Bronowski paints pictures with words of the likes I've not heard from anybody else, not even Carl Sagan. His words are spoken eloquently and with a wonderful precision. The only revelation to his Polish birth is that he consistently rolls the letter "R". A remarkable fact, related by the producers of this wonderful gem, is how Bronowski never worked from a script preferring to use his own volumnous stream of consciousness. What's sad about it is the fact that the demands of this production likely ended up killing him. During the production of the Easter Island sequence he had to be as much as carried around due to his feebleness. He passed away shortly after the program received its first airings.
For those science fans, if you've never seen this series, it is compellingly intelligent and insightful. It is an unforgettable intellectual experience.

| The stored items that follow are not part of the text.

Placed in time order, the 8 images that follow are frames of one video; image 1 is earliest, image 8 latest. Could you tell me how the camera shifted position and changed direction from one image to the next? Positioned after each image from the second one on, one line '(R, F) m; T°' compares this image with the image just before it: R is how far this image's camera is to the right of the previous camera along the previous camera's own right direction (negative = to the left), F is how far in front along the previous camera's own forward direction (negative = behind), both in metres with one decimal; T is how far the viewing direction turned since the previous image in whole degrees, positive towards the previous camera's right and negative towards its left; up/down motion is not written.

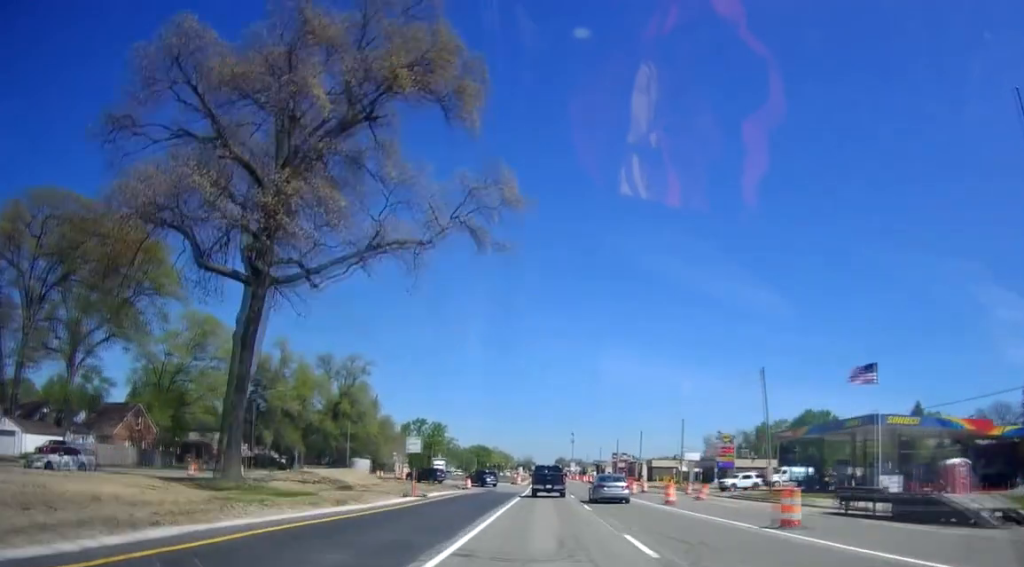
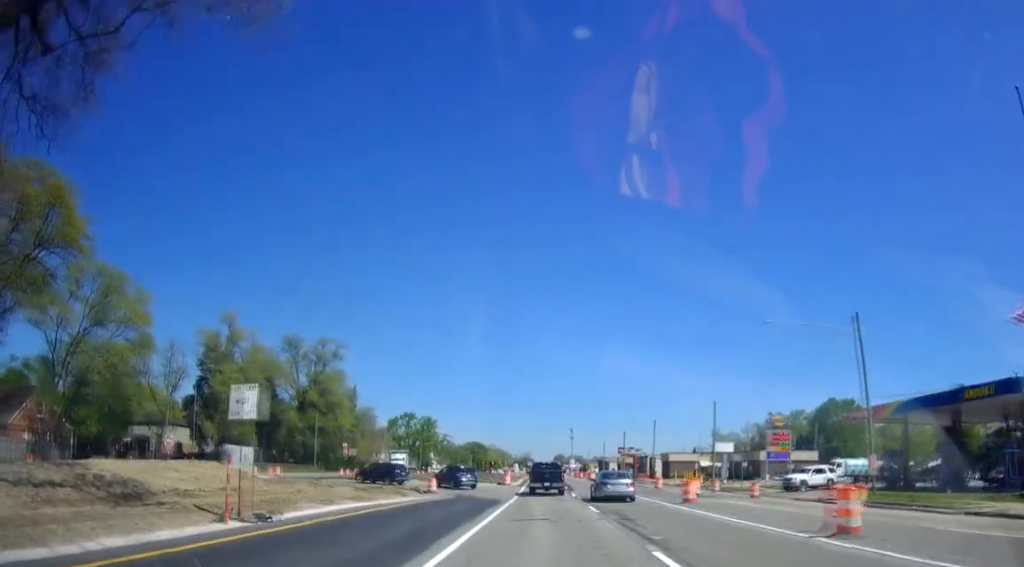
(-0.1, +18.5) m; 0°
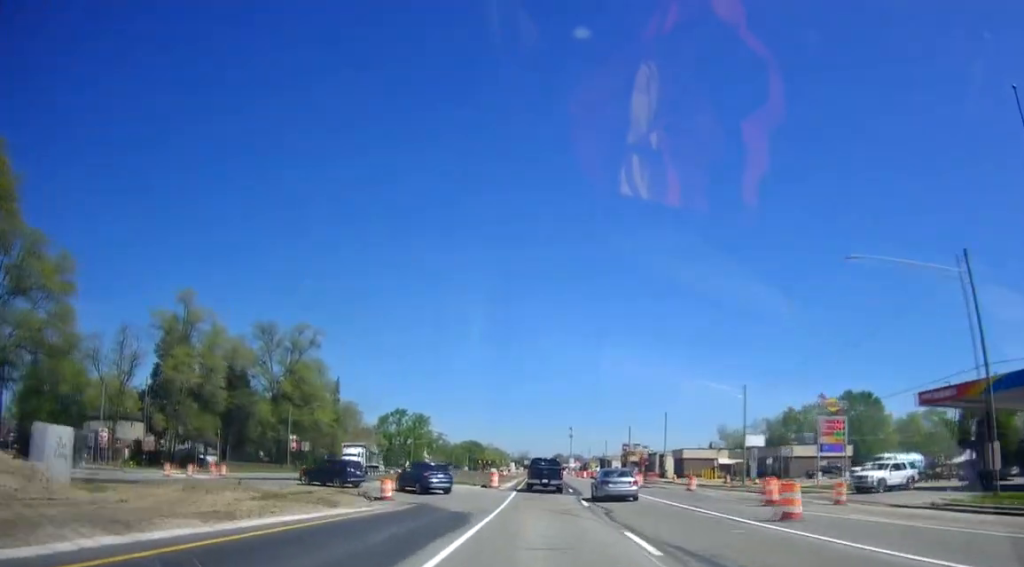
(+0.2, +12.1) m; +1°
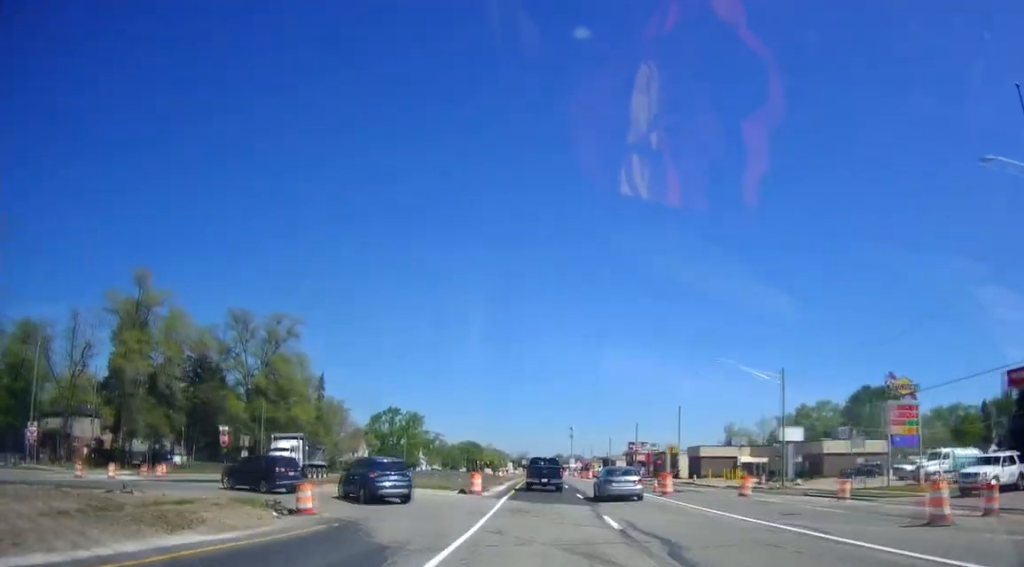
(0.0, +10.6) m; 0°
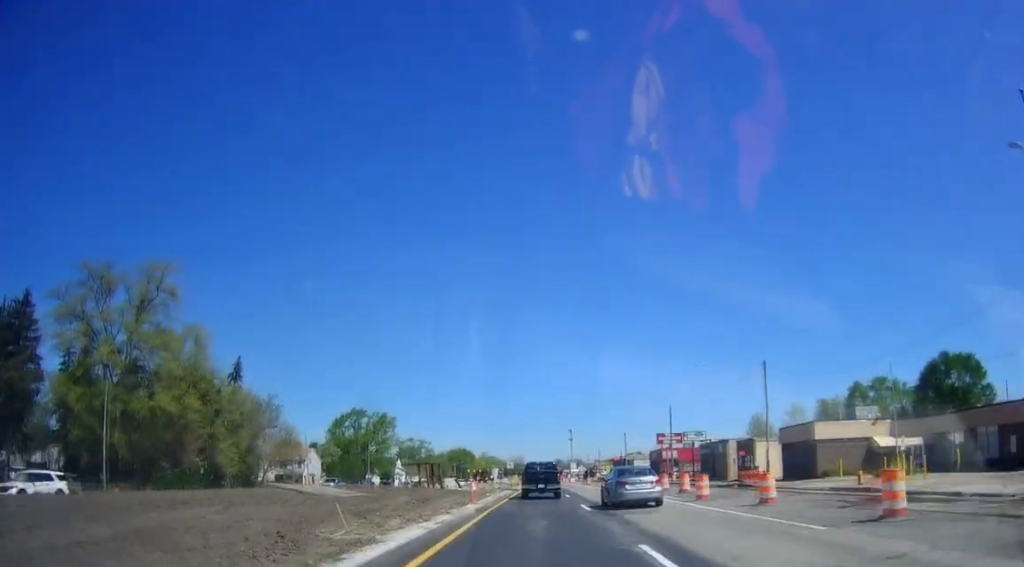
(-0.4, +38.5) m; -2°
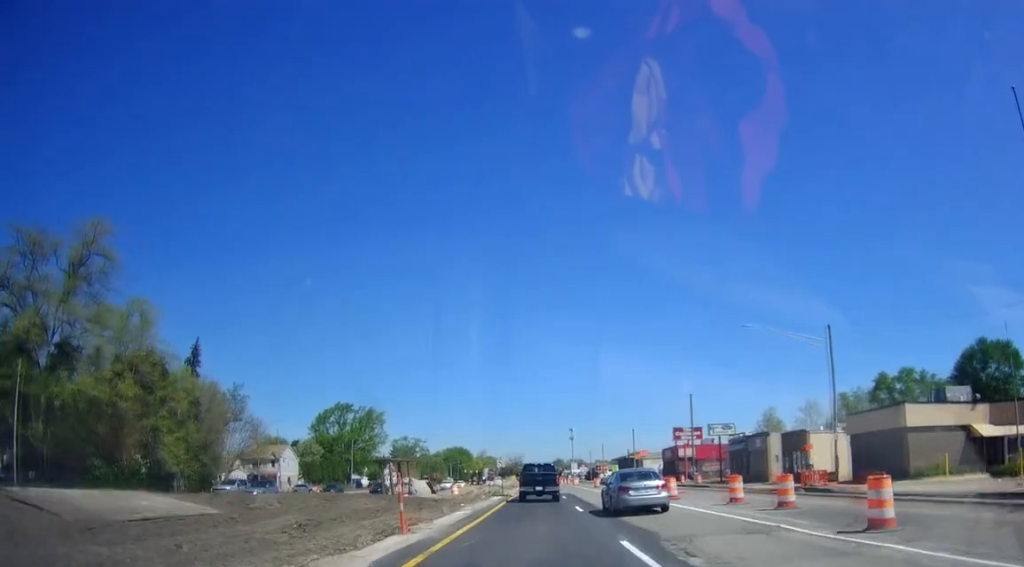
(-0.5, +13.9) m; 0°
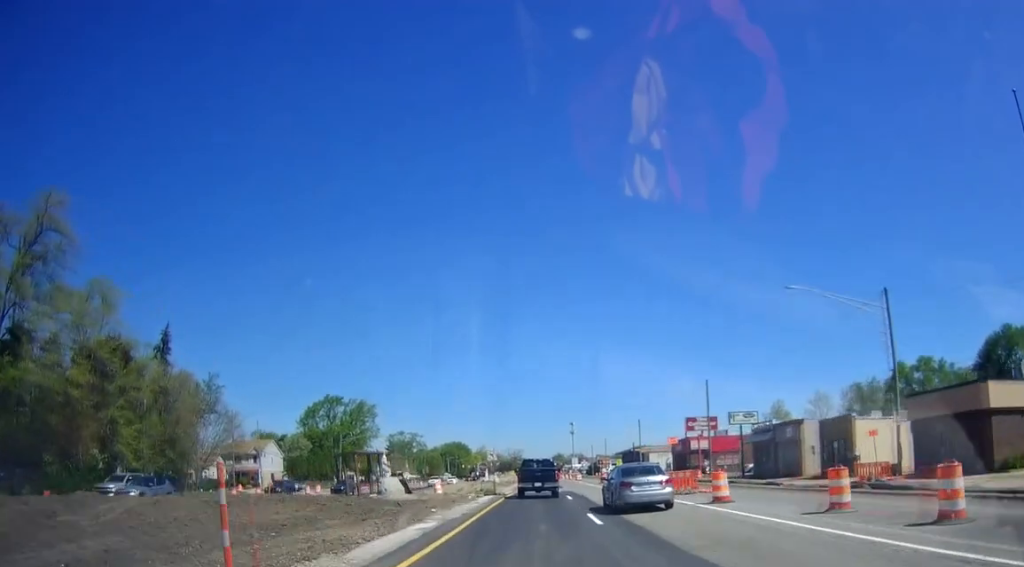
(+0.2, +8.2) m; +1°
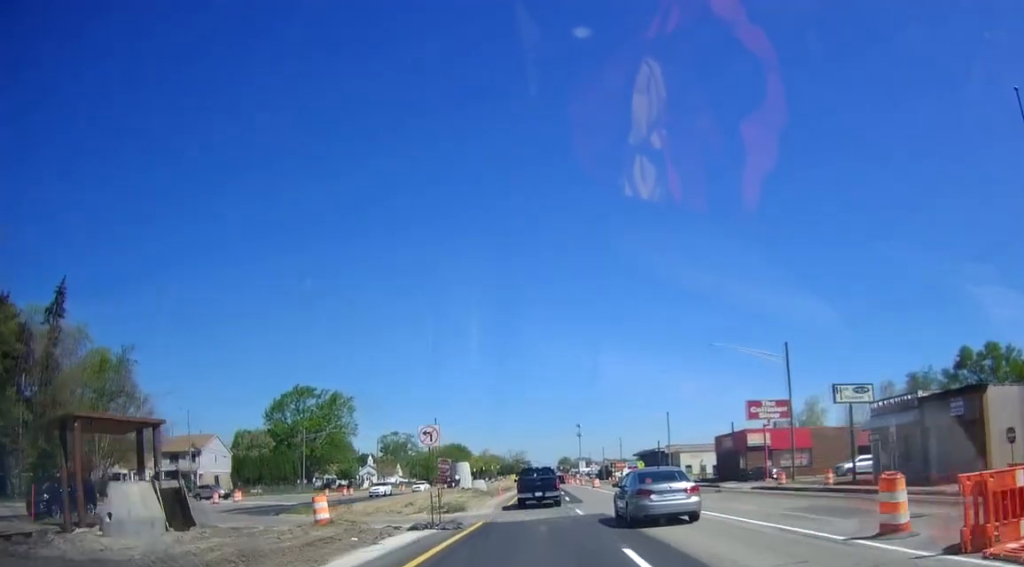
(+0.7, +23.7) m; +1°

I'd like to quote here the tag lines from episode 11, "Knowledge or Certainty". The episode combines the concepts of Heisenberg's uncertainty principle with that of the human element of the science endeavor in a way that only Bronowski could pull off. At the very end of the essay he is standing ankle deep in the pond at Aushwitz into which the ashes of so many lives were flushed. If only the people of this country would have heard, seen, and understood the following prophetic words, we might not be in the situation we are now.
It is said that science will dehumanize people and turn them into numbers. That is false, tragically false. Look for yourself. This is the concentration camp and crematorium at Auschwitz. This is where people were turned into numbers. Into this pond were flushed the ashes of some four million people. And that was not done by gas. It was done by arrogance. It was done by dogma. It was done by ignorance. When people believe that they have absolute knowledge, with no test in reality, this is how they behave. This is what men do when they aspire to the knowledge of gods.
Science is a very human form of knowledge. We are always at the brink of the known, we always feel forward for what is to be hoped. Every judgement in science stands on the edge of error, and is personal. Science is a tribute to what we can know although we are fallible. In the end the words were said by Oliver Cromwell: "I beseech you, in the bowels of Christ, think it possible you may be mistaken".
I owe it as a scientist to my friend Leo Szilard, I owe it as a human being to the many members of my family who died at Auschwitz, to stand here by the pond as a survivor and a witness. We have to cure ourselves of the itch for absolute knowledge and power. We have to close the distance between the push-button order and the human act. We have to touch people.
<emphasis mine>
Bronowski squats down and plunges his hand down into the muck in the pond, pulling up a hand full of what must be from the ashes of thousands of dead. The frame freezes and the credits roll silently over the image. This never fails to bring tears to my eyes. This, especially since what we've had to live through the last six years.
As Democrats, and as progressives, we have a similar mandate. We have to touch people.